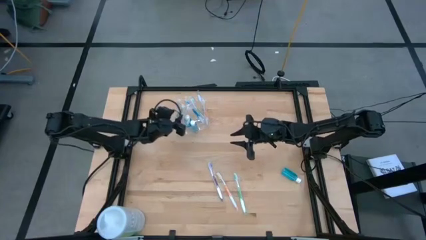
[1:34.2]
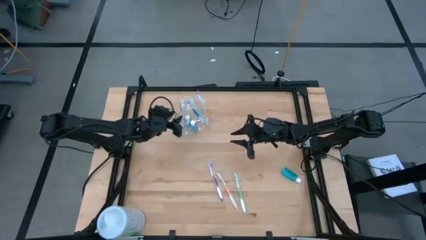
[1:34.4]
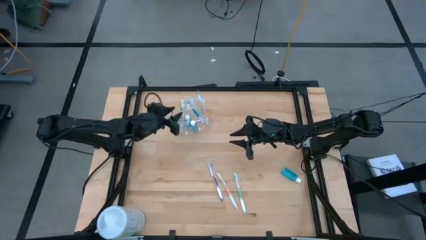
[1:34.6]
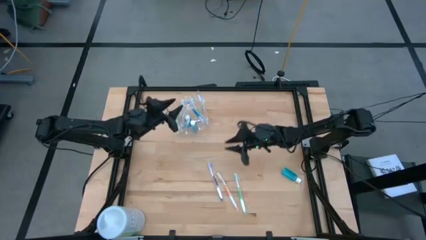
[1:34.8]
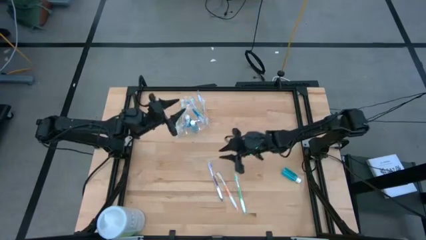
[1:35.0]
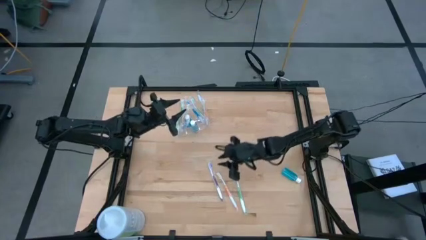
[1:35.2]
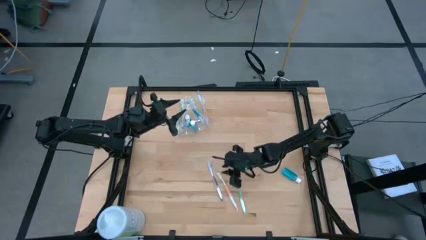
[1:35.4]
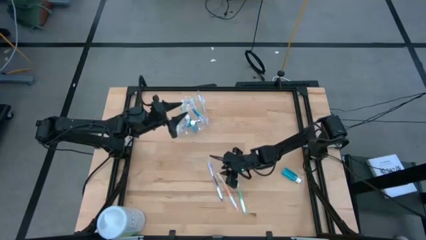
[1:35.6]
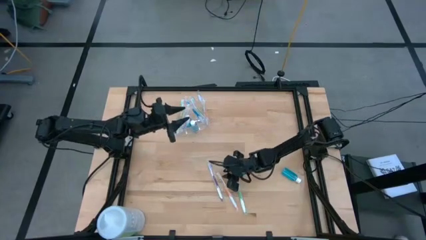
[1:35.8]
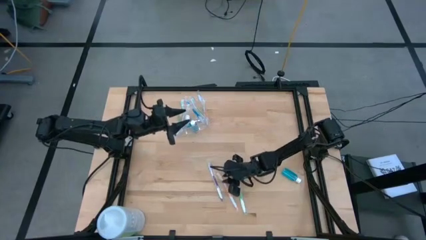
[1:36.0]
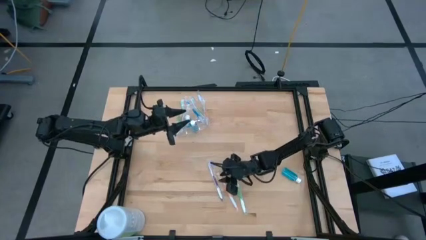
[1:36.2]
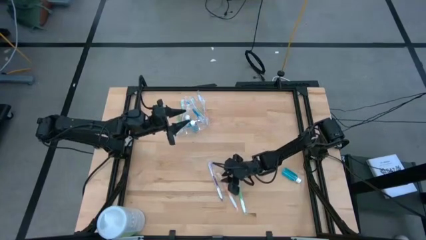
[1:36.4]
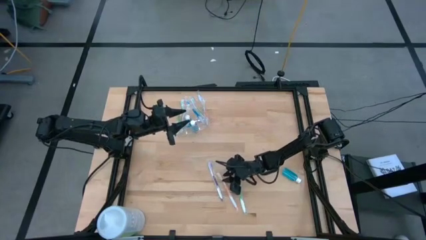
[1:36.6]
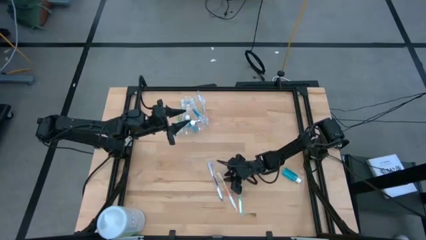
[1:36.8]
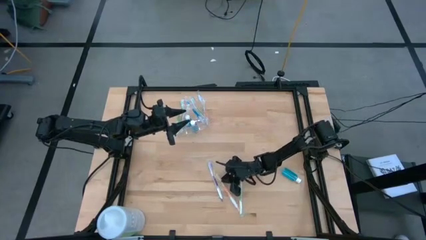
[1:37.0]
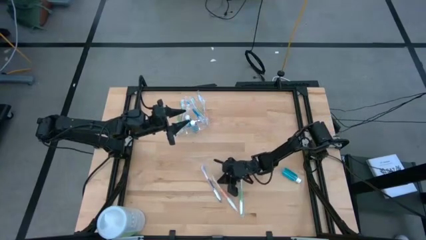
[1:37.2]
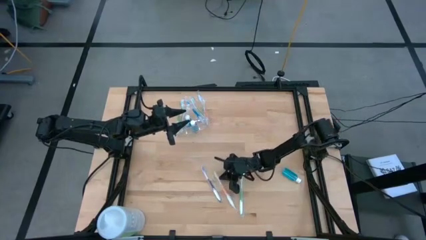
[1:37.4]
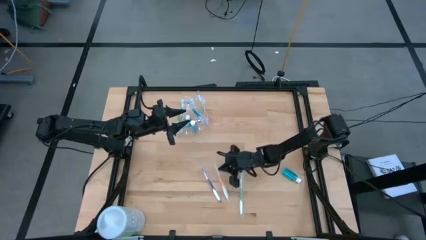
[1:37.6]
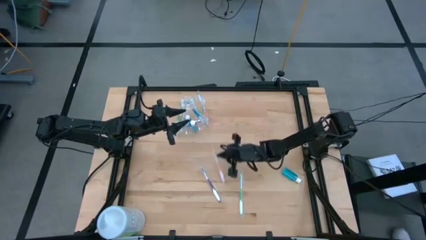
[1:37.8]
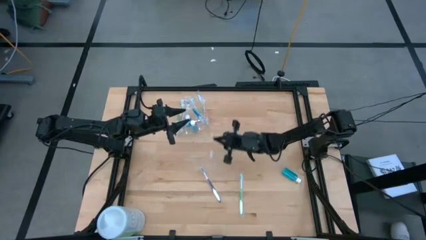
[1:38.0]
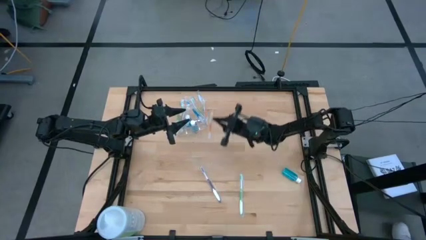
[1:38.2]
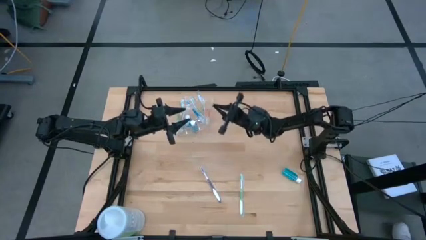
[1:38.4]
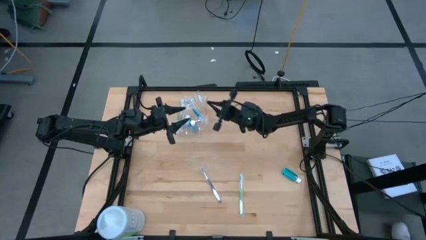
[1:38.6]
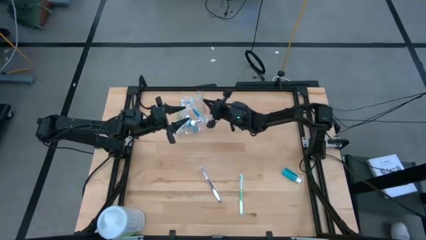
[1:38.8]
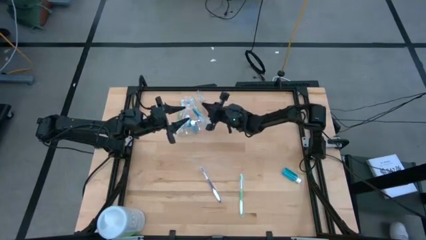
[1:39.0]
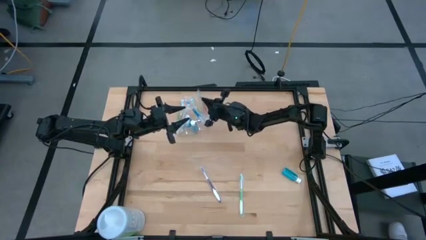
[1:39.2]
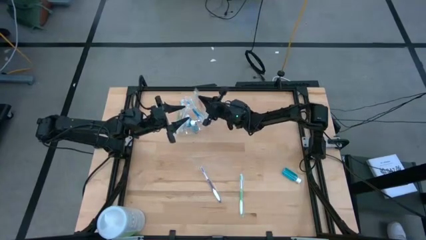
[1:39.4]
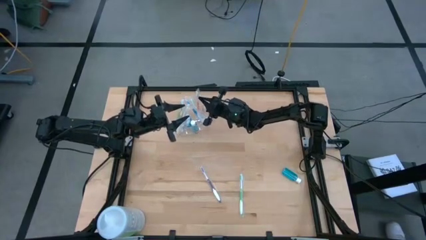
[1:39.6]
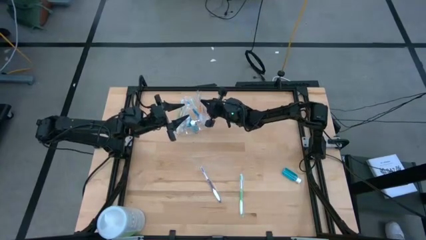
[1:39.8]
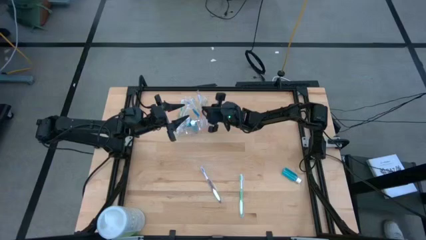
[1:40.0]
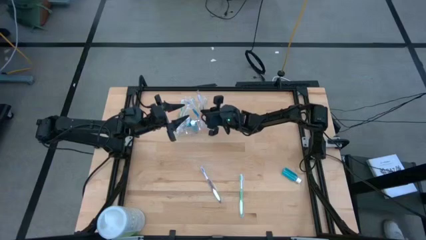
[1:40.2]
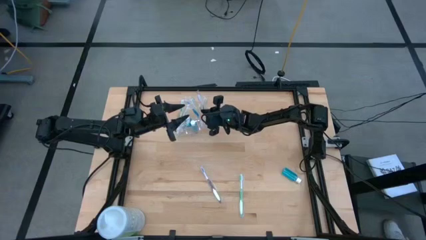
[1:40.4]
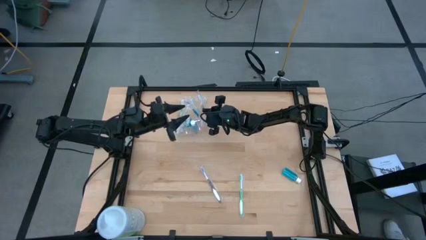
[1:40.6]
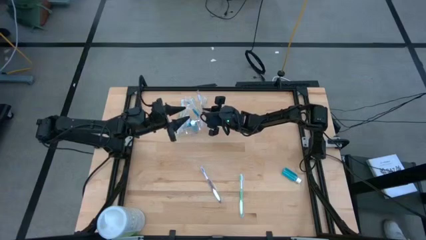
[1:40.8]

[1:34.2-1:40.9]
Task: Pick & Place toothbrushing station
Put the orange toothbrush into the transparent organizer
-----
*TASK:*
From first line to last, return the records verbatim without their pictures.

*WRITTEN RESPONSE:*
[1:34.2]
[1:34.4]
[1:34.6]
[1:34.8]
[1:35.0]
[1:35.2]
[1:35.4]
[1:35.6]
[1:35.8]
[1:36.0]
[1:36.2]
[1:36.4]
[1:36.6]
[1:36.8]
[1:37.0]
[1:37.2]
[1:37.4]
[1:37.6]
[1:37.8]
[1:38.0]
[1:38.2]
[1:38.4]
[1:38.6]
[1:38.8]
[1:39.0]
[1:39.2]
[1:39.4]
[1:39.6]
[1:39.8]
[1:40.0]
[1:40.2]
[1:40.4]
[1:40.6]
[1:40.8]

[1:34.2-1:40.9]
Task: Pick & Place toothbrushing station
Put the orange toothbrush into the transparent organizer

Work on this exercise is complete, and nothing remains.